ACTIVITY>
A verbatim copy of the line containing "[0:12.2-0:15.0]" and all lines after it, up to and including the final line of the records, is the only acceptable output.

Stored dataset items
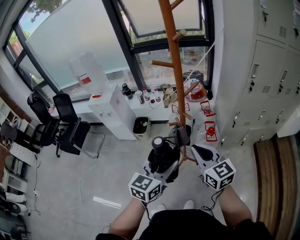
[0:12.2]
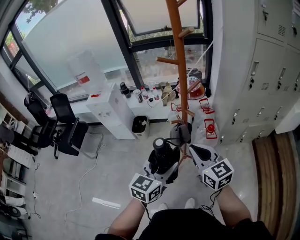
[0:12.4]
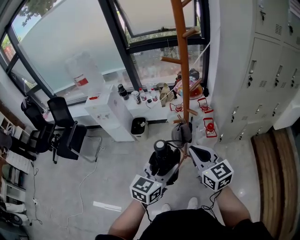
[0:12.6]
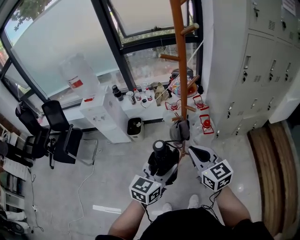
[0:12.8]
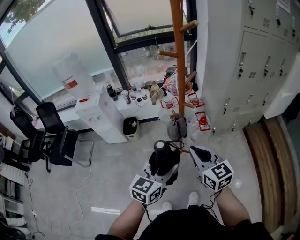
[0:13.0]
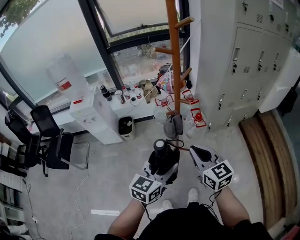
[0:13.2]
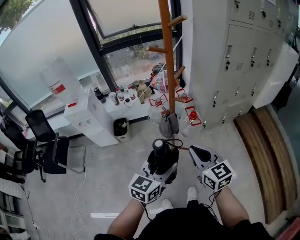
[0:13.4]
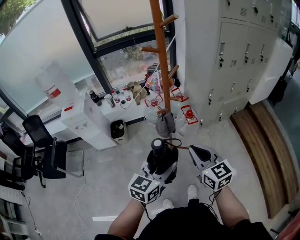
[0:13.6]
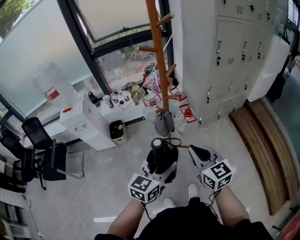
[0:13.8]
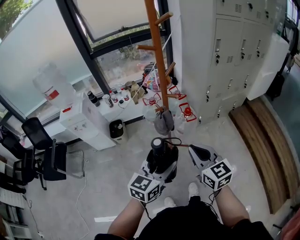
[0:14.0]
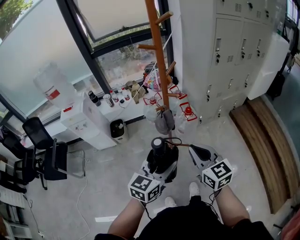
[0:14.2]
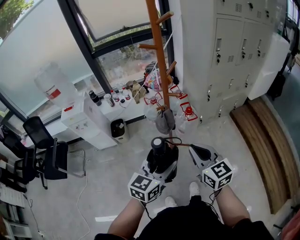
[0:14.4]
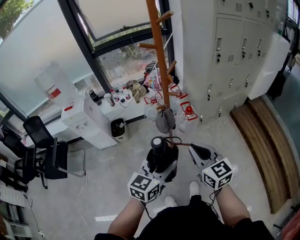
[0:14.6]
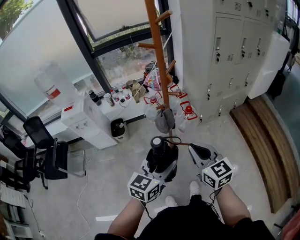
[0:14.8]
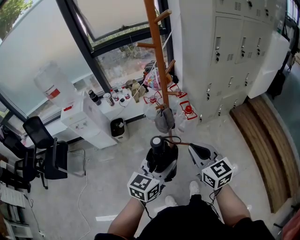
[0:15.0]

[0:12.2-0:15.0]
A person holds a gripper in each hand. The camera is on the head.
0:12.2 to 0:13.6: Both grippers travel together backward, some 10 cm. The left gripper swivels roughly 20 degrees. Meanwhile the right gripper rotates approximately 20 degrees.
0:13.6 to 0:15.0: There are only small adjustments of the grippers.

OUTPUT OF THE EXERCISE>
[0:12.2-0:15.0]
A person holds a gripper in each hand. The camera is on the head.
0:12.2 to 0:13.6: Both grippers travel together backward, some 10 cm. The left gripper swivels roughly 20 degrees. Meanwhile the right gripper rotates approximately 20 degrees.
0:13.6 to 0:15.0: There are only small adjustments of the grippers.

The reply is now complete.